== What you are asked to do ==
Print the entries exactly as given.

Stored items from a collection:

▬▬▬

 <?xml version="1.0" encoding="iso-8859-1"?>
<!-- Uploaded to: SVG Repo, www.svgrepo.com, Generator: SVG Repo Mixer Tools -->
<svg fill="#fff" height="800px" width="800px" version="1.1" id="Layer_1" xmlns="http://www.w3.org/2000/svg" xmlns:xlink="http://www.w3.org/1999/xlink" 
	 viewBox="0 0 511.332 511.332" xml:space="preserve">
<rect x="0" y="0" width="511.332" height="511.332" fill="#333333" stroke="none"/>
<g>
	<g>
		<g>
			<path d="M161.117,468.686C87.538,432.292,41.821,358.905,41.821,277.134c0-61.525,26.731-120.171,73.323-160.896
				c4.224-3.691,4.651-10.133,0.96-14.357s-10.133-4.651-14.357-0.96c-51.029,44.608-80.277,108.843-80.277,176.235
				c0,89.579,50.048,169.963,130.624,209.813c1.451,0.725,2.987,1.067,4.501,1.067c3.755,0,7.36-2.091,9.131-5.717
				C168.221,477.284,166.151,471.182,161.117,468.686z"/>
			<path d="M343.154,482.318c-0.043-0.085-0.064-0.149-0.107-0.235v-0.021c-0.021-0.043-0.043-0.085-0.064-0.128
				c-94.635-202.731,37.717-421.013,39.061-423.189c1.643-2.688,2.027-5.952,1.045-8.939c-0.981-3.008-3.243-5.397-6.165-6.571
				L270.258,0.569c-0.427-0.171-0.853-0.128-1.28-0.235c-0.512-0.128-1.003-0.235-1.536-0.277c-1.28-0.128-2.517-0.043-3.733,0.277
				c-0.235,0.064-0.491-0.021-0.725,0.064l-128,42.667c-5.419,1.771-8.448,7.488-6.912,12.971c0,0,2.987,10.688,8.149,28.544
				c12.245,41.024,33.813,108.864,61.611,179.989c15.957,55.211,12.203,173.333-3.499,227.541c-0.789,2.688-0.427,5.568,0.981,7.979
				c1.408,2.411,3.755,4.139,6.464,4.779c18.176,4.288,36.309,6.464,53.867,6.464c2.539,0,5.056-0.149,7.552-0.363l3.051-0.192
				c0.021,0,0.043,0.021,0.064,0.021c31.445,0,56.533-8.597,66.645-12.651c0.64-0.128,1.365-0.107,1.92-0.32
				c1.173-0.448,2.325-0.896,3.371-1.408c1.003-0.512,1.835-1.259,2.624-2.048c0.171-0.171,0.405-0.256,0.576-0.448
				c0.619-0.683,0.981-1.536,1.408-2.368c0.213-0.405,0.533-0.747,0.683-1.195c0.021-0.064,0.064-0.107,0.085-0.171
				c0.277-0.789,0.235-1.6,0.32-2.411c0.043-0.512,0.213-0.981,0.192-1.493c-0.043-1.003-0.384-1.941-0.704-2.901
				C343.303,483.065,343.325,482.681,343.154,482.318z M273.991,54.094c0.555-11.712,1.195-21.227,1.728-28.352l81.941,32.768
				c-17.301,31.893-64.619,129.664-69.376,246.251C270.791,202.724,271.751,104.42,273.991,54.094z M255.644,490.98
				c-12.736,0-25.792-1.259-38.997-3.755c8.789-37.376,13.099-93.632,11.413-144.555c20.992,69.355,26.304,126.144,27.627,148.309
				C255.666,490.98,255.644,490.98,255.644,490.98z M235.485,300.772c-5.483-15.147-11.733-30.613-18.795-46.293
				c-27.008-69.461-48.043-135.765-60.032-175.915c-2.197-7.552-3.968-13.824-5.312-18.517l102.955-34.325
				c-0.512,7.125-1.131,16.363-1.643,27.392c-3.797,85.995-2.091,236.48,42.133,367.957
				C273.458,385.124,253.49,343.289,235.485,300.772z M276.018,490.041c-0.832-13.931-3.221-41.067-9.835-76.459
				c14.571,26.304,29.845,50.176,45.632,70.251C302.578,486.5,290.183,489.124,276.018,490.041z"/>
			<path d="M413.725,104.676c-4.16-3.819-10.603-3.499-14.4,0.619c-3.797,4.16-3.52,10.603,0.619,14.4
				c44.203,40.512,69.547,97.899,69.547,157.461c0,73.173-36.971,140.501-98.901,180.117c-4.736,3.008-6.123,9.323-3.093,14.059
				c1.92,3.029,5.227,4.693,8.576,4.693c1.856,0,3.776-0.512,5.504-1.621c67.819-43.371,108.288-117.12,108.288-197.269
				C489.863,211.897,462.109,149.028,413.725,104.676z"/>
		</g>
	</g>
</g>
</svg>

▬▬▬

== Task result ==
 <?xml version="1.0" encoding="iso-8859-1"?>
<!-- Uploaded to: SVG Repo, www.svgrepo.com, Generator: SVG Repo Mixer Tools -->
<svg fill="#fff" height="800px" width="800px" version="1.1" id="Layer_1" xmlns="http://www.w3.org/2000/svg" xmlns:xlink="http://www.w3.org/1999/xlink" 
	 viewBox="0 0 511.332 511.332" xml:space="preserve">
<rect x="0" y="0" width="511.332" height="511.332" fill="#333333" stroke="none"/>
<g>
	<g>
		<g>
			<path d="M161.117,468.686C87.538,432.292,41.821,358.905,41.821,277.134c0-61.525,26.731-120.171,73.323-160.896
				c4.224-3.691,4.651-10.133,0.96-14.357s-10.133-4.651-14.357-0.96c-51.029,44.608-80.277,108.843-80.277,176.235
				c0,89.579,50.048,169.963,130.624,209.813c1.451,0.725,2.987,1.067,4.501,1.067c3.755,0,7.36-2.091,9.131-5.717
				C168.221,477.284,166.151,471.182,161.117,468.686z"/>
			<path d="M343.154,482.318c-0.043-0.085-0.064-0.149-0.107-0.235v-0.021c-0.021-0.043-0.043-0.085-0.064-0.128
				c-94.635-202.731,37.717-421.013,39.061-423.189c1.643-2.688,2.027-5.952,1.045-8.939c-0.981-3.008-3.243-5.397-6.165-6.571
				L270.258,0.569c-0.427-0.171-0.853-0.128-1.28-0.235c-0.512-0.128-1.003-0.235-1.536-0.277c-1.28-0.128-2.517-0.043-3.733,0.277
				c-0.235,0.064-0.491-0.021-0.725,0.064l-128,42.667c-5.419,1.771-8.448,7.488-6.912,12.971c0,0,2.987,10.688,8.149,28.544
				c12.245,41.024,33.813,108.864,61.611,179.989c15.957,55.211,12.203,173.333-3.499,227.541c-0.789,2.688-0.427,5.568,0.981,7.979
				c1.408,2.411,3.755,4.139,6.464,4.779c18.176,4.288,36.309,6.464,53.867,6.464c2.539,0,5.056-0.149,7.552-0.363l3.051-0.192
				c0.021,0,0.043,0.021,0.064,0.021c31.445,0,56.533-8.597,66.645-12.651c0.64-0.128,1.365-0.107,1.92-0.32
				c1.173-0.448,2.325-0.896,3.371-1.408c1.003-0.512,1.835-1.259,2.624-2.048c0.171-0.171,0.405-0.256,0.576-0.448
				c0.619-0.683,0.981-1.536,1.408-2.368c0.213-0.405,0.533-0.747,0.683-1.195c0.021-0.064,0.064-0.107,0.085-0.171
				c0.277-0.789,0.235-1.6,0.32-2.411c0.043-0.512,0.213-0.981,0.192-1.493c-0.043-1.003-0.384-1.941-0.704-2.901
				C343.303,483.065,343.325,482.681,343.154,482.318z M273.991,54.094c0.555-11.712,1.195-21.227,1.728-28.352l81.941,32.768
				c-17.301,31.893-64.619,129.664-69.376,246.251C270.791,202.724,271.751,104.42,273.991,54.094z M255.644,490.98
				c-12.736,0-25.792-1.259-38.997-3.755c8.789-37.376,13.099-93.632,11.413-144.555c20.992,69.355,26.304,126.144,27.627,148.309
				C255.666,490.98,255.644,490.98,255.644,490.98z M235.485,300.772c-5.483-15.147-11.733-30.613-18.795-46.293
				c-27.008-69.461-48.043-135.765-60.032-175.915c-2.197-7.552-3.968-13.824-5.312-18.517l102.955-34.325
				c-0.512,7.125-1.131,16.363-1.643,27.392c-3.797,85.995-2.091,236.48,42.133,367.957
				C273.458,385.124,253.49,343.289,235.485,300.772z M276.018,490.041c-0.832-13.931-3.221-41.067-9.835-76.459
				c14.571,26.304,29.845,50.176,45.632,70.251C302.578,486.5,290.183,489.124,276.018,490.041z"/>
			<path d="M413.725,104.676c-4.16-3.819-10.603-3.499-14.4,0.619c-3.797,4.16-3.52,10.603,0.619,14.4
				c44.203,40.512,69.547,97.899,69.547,157.461c0,73.173-36.971,140.501-98.901,180.117c-4.736,3.008-6.123,9.323-3.093,14.059
				c1.92,3.029,5.227,4.693,8.576,4.693c1.856,0,3.776-0.512,5.504-1.621c67.819-43.371,108.288-117.12,108.288-197.269
				C489.863,211.897,462.109,149.028,413.725,104.676z"/>
		</g>
	</g>
</g>
</svg>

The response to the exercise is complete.